**What is needed**.
Exact copy required. Repeat the records, but keep the pictures out.

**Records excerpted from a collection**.
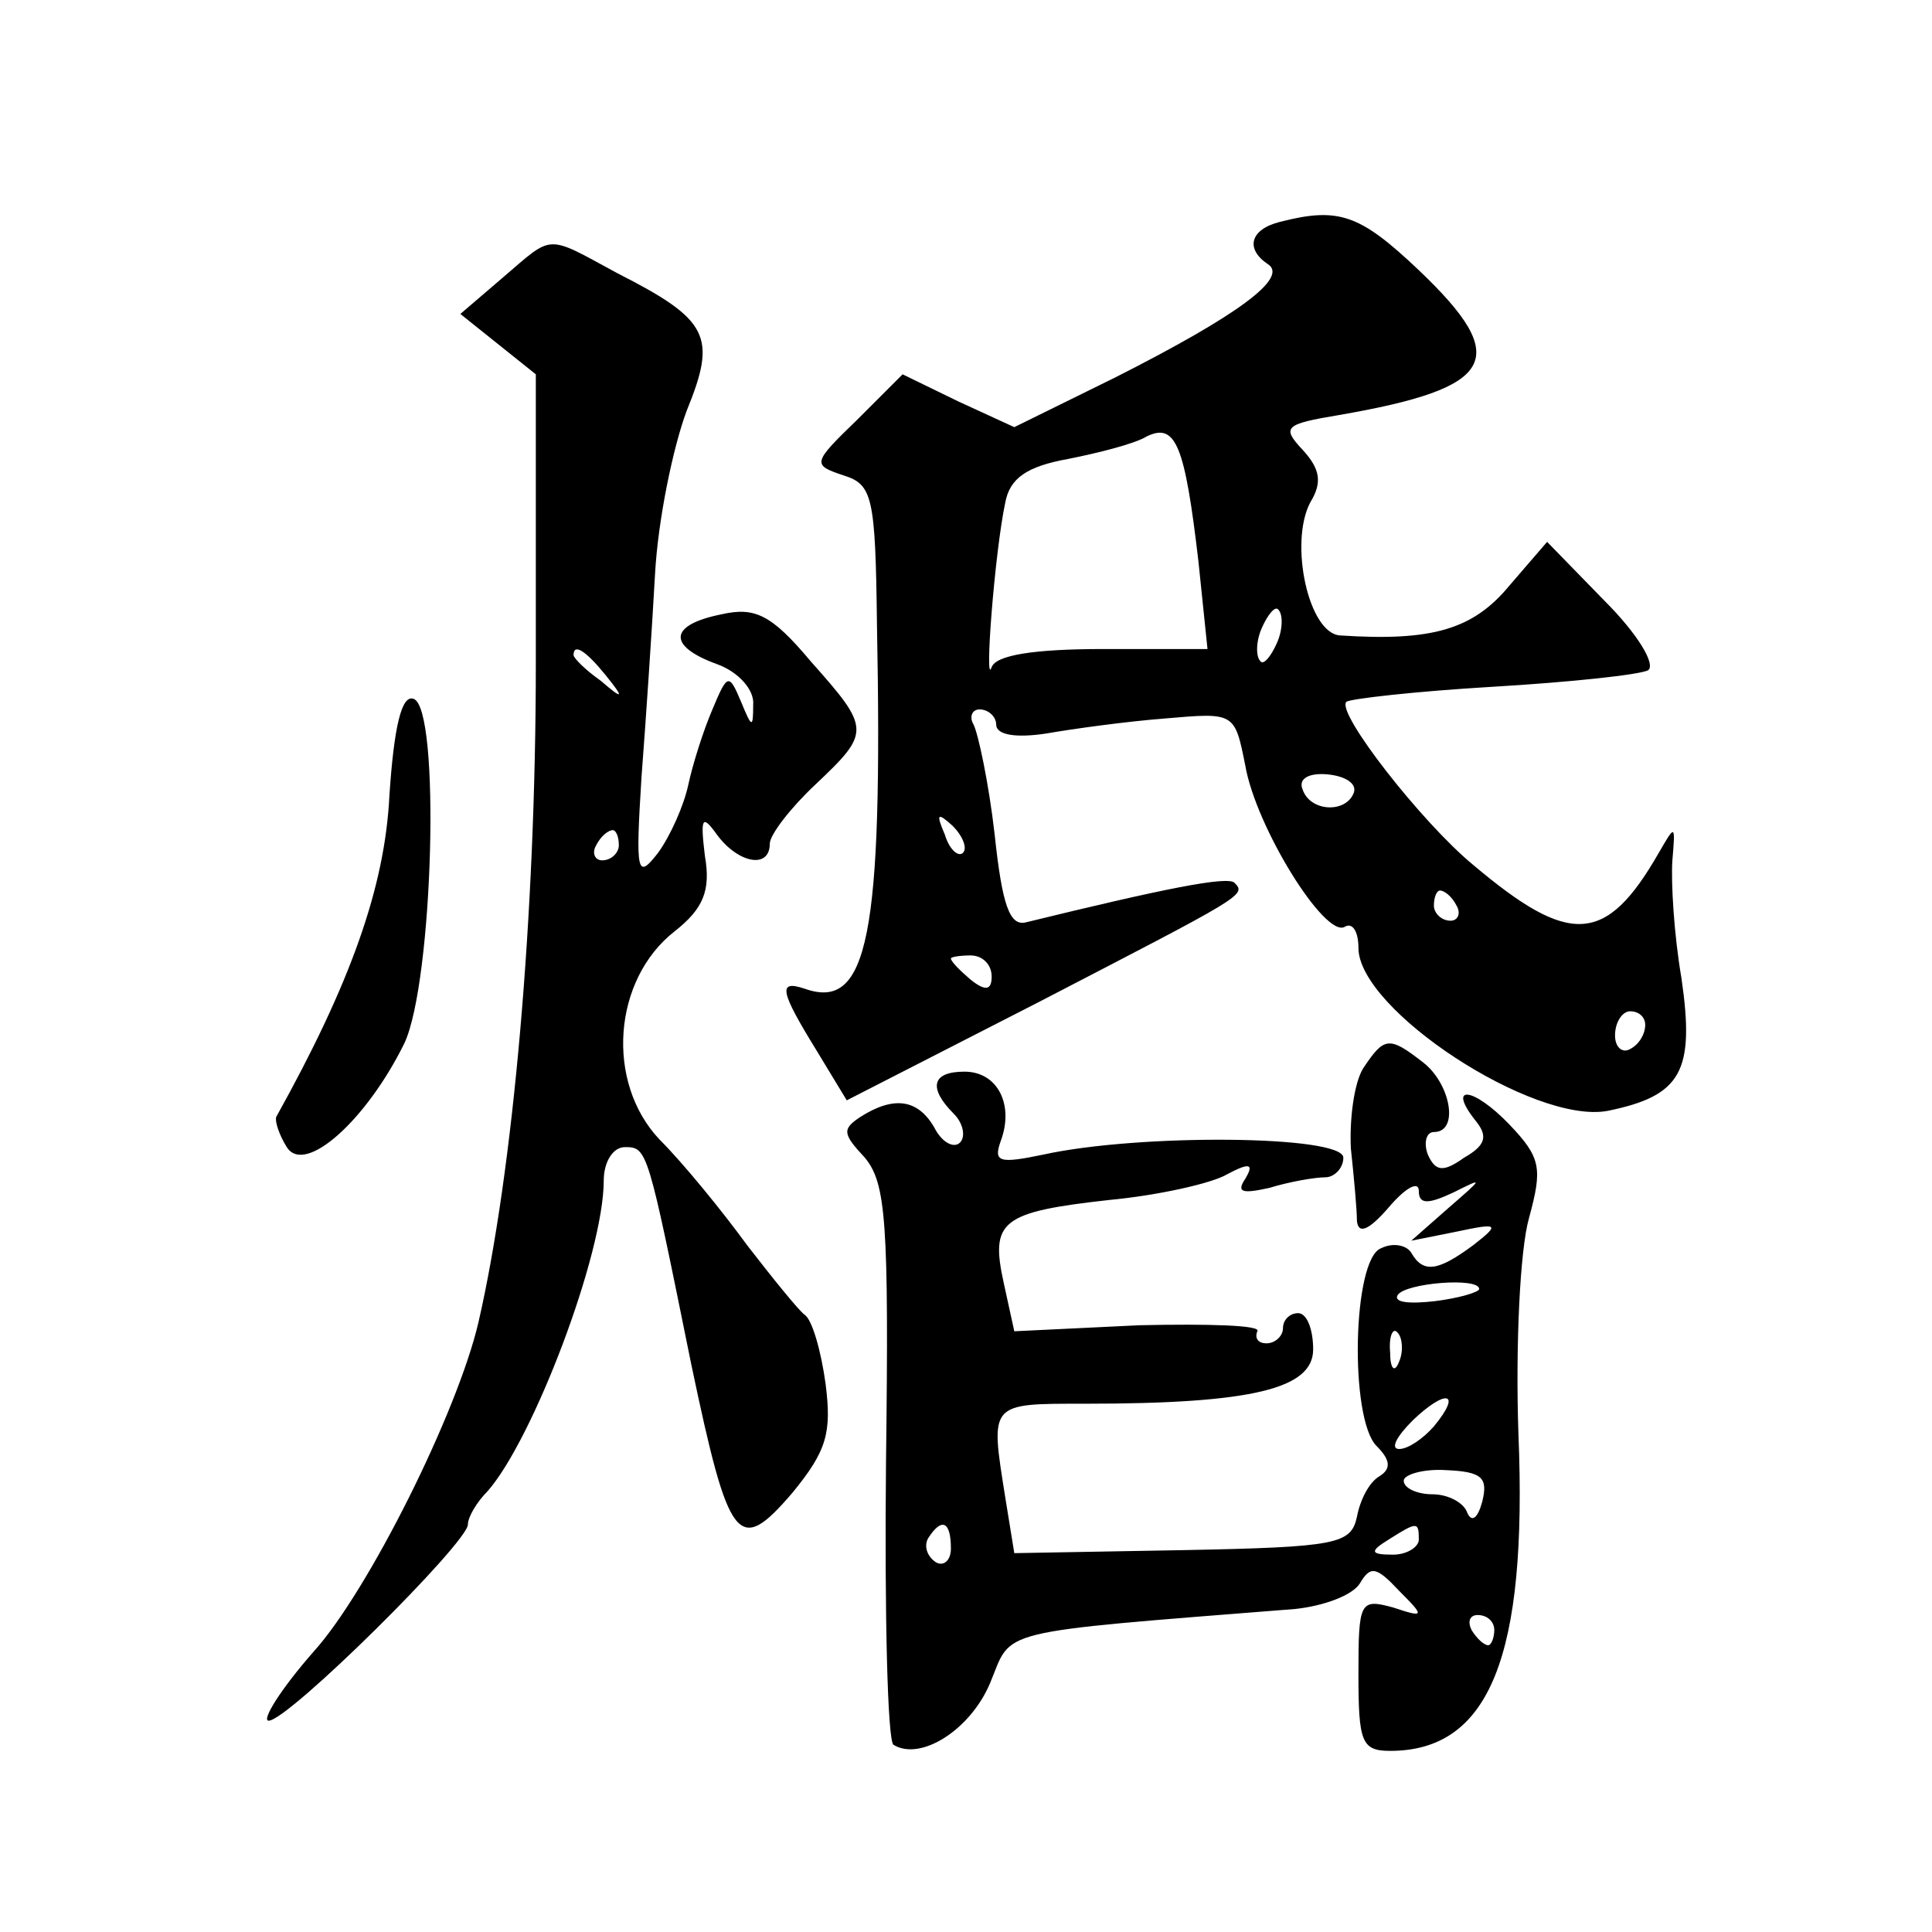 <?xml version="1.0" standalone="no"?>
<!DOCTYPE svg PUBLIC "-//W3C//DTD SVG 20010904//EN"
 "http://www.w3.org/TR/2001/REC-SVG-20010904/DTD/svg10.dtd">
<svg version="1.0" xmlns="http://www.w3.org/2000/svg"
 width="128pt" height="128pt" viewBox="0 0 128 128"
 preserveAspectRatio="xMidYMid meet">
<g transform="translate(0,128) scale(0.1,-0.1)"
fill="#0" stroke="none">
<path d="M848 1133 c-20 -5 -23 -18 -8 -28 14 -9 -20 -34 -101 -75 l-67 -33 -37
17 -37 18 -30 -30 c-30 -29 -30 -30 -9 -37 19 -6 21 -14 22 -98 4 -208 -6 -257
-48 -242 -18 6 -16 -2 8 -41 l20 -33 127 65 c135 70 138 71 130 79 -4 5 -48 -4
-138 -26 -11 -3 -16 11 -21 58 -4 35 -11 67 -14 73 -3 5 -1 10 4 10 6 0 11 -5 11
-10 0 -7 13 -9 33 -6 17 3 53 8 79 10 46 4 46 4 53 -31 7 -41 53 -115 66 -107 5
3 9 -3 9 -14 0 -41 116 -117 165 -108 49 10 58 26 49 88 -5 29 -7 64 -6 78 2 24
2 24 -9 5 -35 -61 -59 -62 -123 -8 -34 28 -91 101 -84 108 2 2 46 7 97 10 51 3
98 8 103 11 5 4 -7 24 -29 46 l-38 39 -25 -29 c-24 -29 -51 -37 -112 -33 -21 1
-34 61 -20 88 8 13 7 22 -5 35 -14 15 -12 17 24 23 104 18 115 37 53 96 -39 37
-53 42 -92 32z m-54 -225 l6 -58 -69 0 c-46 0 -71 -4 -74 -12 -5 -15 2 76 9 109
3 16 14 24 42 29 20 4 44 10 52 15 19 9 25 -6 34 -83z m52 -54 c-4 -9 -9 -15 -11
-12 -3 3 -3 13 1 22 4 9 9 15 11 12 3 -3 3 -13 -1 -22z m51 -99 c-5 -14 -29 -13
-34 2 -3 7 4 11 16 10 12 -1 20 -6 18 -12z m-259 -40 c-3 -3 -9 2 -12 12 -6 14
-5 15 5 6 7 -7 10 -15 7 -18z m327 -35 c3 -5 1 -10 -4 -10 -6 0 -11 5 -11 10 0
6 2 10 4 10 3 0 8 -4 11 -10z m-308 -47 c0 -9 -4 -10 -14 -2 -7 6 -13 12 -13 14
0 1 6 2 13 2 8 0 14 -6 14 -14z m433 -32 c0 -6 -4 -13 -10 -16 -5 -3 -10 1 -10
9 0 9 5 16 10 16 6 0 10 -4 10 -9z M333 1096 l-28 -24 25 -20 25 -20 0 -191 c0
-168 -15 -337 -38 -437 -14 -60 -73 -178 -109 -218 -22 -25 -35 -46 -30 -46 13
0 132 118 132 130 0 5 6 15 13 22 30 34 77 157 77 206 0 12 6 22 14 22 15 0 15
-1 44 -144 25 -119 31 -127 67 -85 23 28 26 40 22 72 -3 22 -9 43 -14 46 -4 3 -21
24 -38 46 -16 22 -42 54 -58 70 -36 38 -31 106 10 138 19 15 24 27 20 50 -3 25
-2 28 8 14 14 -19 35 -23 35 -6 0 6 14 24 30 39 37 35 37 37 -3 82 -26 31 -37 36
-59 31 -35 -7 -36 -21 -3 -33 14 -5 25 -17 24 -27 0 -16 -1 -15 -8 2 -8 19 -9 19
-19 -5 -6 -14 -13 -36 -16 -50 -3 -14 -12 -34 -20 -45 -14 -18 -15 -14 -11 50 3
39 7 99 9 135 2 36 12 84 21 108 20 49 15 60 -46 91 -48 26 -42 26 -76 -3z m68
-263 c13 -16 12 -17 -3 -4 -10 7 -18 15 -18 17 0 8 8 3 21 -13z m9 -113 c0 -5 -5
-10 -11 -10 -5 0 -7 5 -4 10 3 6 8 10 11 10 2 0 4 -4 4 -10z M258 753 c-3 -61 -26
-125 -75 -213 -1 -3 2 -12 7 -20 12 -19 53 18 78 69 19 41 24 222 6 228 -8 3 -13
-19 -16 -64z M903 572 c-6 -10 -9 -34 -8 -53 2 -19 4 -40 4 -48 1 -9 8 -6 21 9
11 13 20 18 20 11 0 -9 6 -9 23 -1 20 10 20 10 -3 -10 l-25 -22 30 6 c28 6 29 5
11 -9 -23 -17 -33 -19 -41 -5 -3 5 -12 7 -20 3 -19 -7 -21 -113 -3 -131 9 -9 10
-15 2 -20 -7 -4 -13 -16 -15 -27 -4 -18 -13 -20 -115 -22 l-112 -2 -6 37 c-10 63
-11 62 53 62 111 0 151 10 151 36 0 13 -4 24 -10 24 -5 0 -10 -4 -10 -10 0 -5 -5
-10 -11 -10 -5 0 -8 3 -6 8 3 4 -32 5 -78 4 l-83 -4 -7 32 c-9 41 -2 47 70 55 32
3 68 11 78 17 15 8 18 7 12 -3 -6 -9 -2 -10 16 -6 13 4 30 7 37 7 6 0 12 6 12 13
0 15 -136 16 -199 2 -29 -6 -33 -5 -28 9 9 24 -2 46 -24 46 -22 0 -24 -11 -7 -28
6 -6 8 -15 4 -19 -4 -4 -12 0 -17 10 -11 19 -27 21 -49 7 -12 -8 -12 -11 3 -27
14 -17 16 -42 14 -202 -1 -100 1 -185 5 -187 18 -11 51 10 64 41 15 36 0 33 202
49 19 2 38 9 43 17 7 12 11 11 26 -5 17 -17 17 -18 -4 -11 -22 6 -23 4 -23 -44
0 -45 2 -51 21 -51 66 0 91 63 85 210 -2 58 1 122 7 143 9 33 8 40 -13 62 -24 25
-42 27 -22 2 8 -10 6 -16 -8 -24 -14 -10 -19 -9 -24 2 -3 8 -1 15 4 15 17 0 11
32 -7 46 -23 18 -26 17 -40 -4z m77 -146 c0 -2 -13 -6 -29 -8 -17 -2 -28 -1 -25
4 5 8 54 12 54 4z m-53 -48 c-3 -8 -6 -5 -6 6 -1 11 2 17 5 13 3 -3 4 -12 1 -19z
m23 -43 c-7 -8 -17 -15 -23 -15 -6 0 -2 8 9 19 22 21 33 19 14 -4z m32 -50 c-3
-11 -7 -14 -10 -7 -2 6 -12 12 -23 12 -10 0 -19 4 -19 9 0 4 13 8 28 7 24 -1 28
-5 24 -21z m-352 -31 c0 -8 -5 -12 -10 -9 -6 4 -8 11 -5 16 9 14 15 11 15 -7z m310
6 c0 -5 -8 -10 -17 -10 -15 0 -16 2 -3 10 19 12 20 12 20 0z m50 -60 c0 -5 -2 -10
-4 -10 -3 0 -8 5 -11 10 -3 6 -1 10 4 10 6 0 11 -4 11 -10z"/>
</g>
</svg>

**Result**.
 <?xml version="1.0" standalone="no"?>
<!DOCTYPE svg PUBLIC "-//W3C//DTD SVG 20010904//EN"
 "http://www.w3.org/TR/2001/REC-SVG-20010904/DTD/svg10.dtd">
<svg version="1.0" xmlns="http://www.w3.org/2000/svg"
 width="128pt" height="128pt" viewBox="0 0 128 128"
 preserveAspectRatio="xMidYMid meet">
<g transform="translate(0,128) scale(0.1,-0.1)"
fill="#0" stroke="none">
<path d="M848 1133 c-20 -5 -23 -18 -8 -28 14 -9 -20 -34 -101 -75 l-67 -33 -37
17 -37 18 -30 -30 c-30 -29 -30 -30 -9 -37 19 -6 21 -14 22 -98 4 -208 -6 -257
-48 -242 -18 6 -16 -2 8 -41 l20 -33 127 65 c135 70 138 71 130 79 -4 5 -48 -4
-138 -26 -11 -3 -16 11 -21 58 -4 35 -11 67 -14 73 -3 5 -1 10 4 10 6 0 11 -5 11
-10 0 -7 13 -9 33 -6 17 3 53 8 79 10 46 4 46 4 53 -31 7 -41 53 -115 66 -107 5
3 9 -3 9 -14 0 -41 116 -117 165 -108 49 10 58 26 49 88 -5 29 -7 64 -6 78 2 24
2 24 -9 5 -35 -61 -59 -62 -123 -8 -34 28 -91 101 -84 108 2 2 46 7 97 10 51 3
98 8 103 11 5 4 -7 24 -29 46 l-38 39 -25 -29 c-24 -29 -51 -37 -112 -33 -21 1
-34 61 -20 88 8 13 7 22 -5 35 -14 15 -12 17 24 23 104 18 115 37 53 96 -39 37
-53 42 -92 32z m-54 -225 l6 -58 -69 0 c-46 0 -71 -4 -74 -12 -5 -15 2 76 9 109
3 16 14 24 42 29 20 4 44 10 52 15 19 9 25 -6 34 -83z m52 -54 c-4 -9 -9 -15 -11
-12 -3 3 -3 13 1 22 4 9 9 15 11 12 3 -3 3 -13 -1 -22z m51 -99 c-5 -14 -29 -13
-34 2 -3 7 4 11 16 10 12 -1 20 -6 18 -12z m-259 -40 c-3 -3 -9 2 -12 12 -6 14
-5 15 5 6 7 -7 10 -15 7 -18z m327 -35 c3 -5 1 -10 -4 -10 -6 0 -11 5 -11 10 0
6 2 10 4 10 3 0 8 -4 11 -10z m-308 -47 c0 -9 -4 -10 -14 -2 -7 6 -13 12 -13 14
0 1 6 2 13 2 8 0 14 -6 14 -14z m433 -32 c0 -6 -4 -13 -10 -16 -5 -3 -10 1 -10
9 0 9 5 16 10 16 6 0 10 -4 10 -9z M333 1096 l-28 -24 25 -20 25 -20 0 -191 c0
-168 -15 -337 -38 -437 -14 -60 -73 -178 -109 -218 -22 -25 -35 -46 -30 -46 13
0 132 118 132 130 0 5 6 15 13 22 30 34 77 157 77 206 0 12 6 22 14 22 15 0 15
-1 44 -144 25 -119 31 -127 67 -85 23 28 26 40 22 72 -3 22 -9 43 -14 46 -4 3 -21
24 -38 46 -16 22 -42 54 -58 70 -36 38 -31 106 10 138 19 15 24 27 20 50 -3 25
-2 28 8 14 14 -19 35 -23 35 -6 0 6 14 24 30 39 37 35 37 37 -3 82 -26 31 -37 36
-59 31 -35 -7 -36 -21 -3 -33 14 -5 25 -17 24 -27 0 -16 -1 -15 -8 2 -8 19 -9 19
-19 -5 -6 -14 -13 -36 -16 -50 -3 -14 -12 -34 -20 -45 -14 -18 -15 -14 -11 50 3
39 7 99 9 135 2 36 12 84 21 108 20 49 15 60 -46 91 -48 26 -42 26 -76 -3z m68
-263 c13 -16 12 -17 -3 -4 -10 7 -18 15 -18 17 0 8 8 3 21 -13z m9 -113 c0 -5 -5
-10 -11 -10 -5 0 -7 5 -4 10 3 6 8 10 11 10 2 0 4 -4 4 -10z M258 753 c-3 -61 -26
-125 -75 -213 -1 -3 2 -12 7 -20 12 -19 53 18 78 69 19 41 24 222 6 228 -8 3 -13
-19 -16 -64z M903 572 c-6 -10 -9 -34 -8 -53 2 -19 4 -40 4 -48 1 -9 8 -6 21 9
11 13 20 18 20 11 0 -9 6 -9 23 -1 20 10 20 10 -3 -10 l-25 -22 30 6 c28 6 29 5
11 -9 -23 -17 -33 -19 -41 -5 -3 5 -12 7 -20 3 -19 -7 -21 -113 -3 -131 9 -9 10
-15 2 -20 -7 -4 -13 -16 -15 -27 -4 -18 -13 -20 -115 -22 l-112 -2 -6 37 c-10 63
-11 62 53 62 111 0 151 10 151 36 0 13 -4 24 -10 24 -5 0 -10 -4 -10 -10 0 -5 -5
-10 -11 -10 -5 0 -8 3 -6 8 3 4 -32 5 -78 4 l-83 -4 -7 32 c-9 41 -2 47 70 55 32
3 68 11 78 17 15 8 18 7 12 -3 -6 -9 -2 -10 16 -6 13 4 30 7 37 7 6 0 12 6 12 13
0 15 -136 16 -199 2 -29 -6 -33 -5 -28 9 9 24 -2 46 -24 46 -22 0 -24 -11 -7 -28
6 -6 8 -15 4 -19 -4 -4 -12 0 -17 10 -11 19 -27 21 -49 7 -12 -8 -12 -11 3 -27
14 -17 16 -42 14 -202 -1 -100 1 -185 5 -187 18 -11 51 10 64 41 15 36 0 33 202
49 19 2 38 9 43 17 7 12 11 11 26 -5 17 -17 17 -18 -4 -11 -22 6 -23 4 -23 -44
0 -45 2 -51 21 -51 66 0 91 63 85 210 -2 58 1 122 7 143 9 33 8 40 -13 62 -24 25
-42 27 -22 2 8 -10 6 -16 -8 -24 -14 -10 -19 -9 -24 2 -3 8 -1 15 4 15 17 0 11
32 -7 46 -23 18 -26 17 -40 -4z m77 -146 c0 -2 -13 -6 -29 -8 -17 -2 -28 -1 -25
4 5 8 54 12 54 4z m-53 -48 c-3 -8 -6 -5 -6 6 -1 11 2 17 5 13 3 -3 4 -12 1 -19z
m23 -43 c-7 -8 -17 -15 -23 -15 -6 0 -2 8 9 19 22 21 33 19 14 -4z m32 -50 c-3
-11 -7 -14 -10 -7 -2 6 -12 12 -23 12 -10 0 -19 4 -19 9 0 4 13 8 28 7 24 -1 28
-5 24 -21z m-352 -31 c0 -8 -5 -12 -10 -9 -6 4 -8 11 -5 16 9 14 15 11 15 -7z m310
6 c0 -5 -8 -10 -17 -10 -15 0 -16 2 -3 10 19 12 20 12 20 0z m50 -60 c0 -5 -2 -10
-4 -10 -3 0 -8 5 -11 10 -3 6 -1 10 4 10 6 0 11 -4 11 -10z"/>
</g>
</svg>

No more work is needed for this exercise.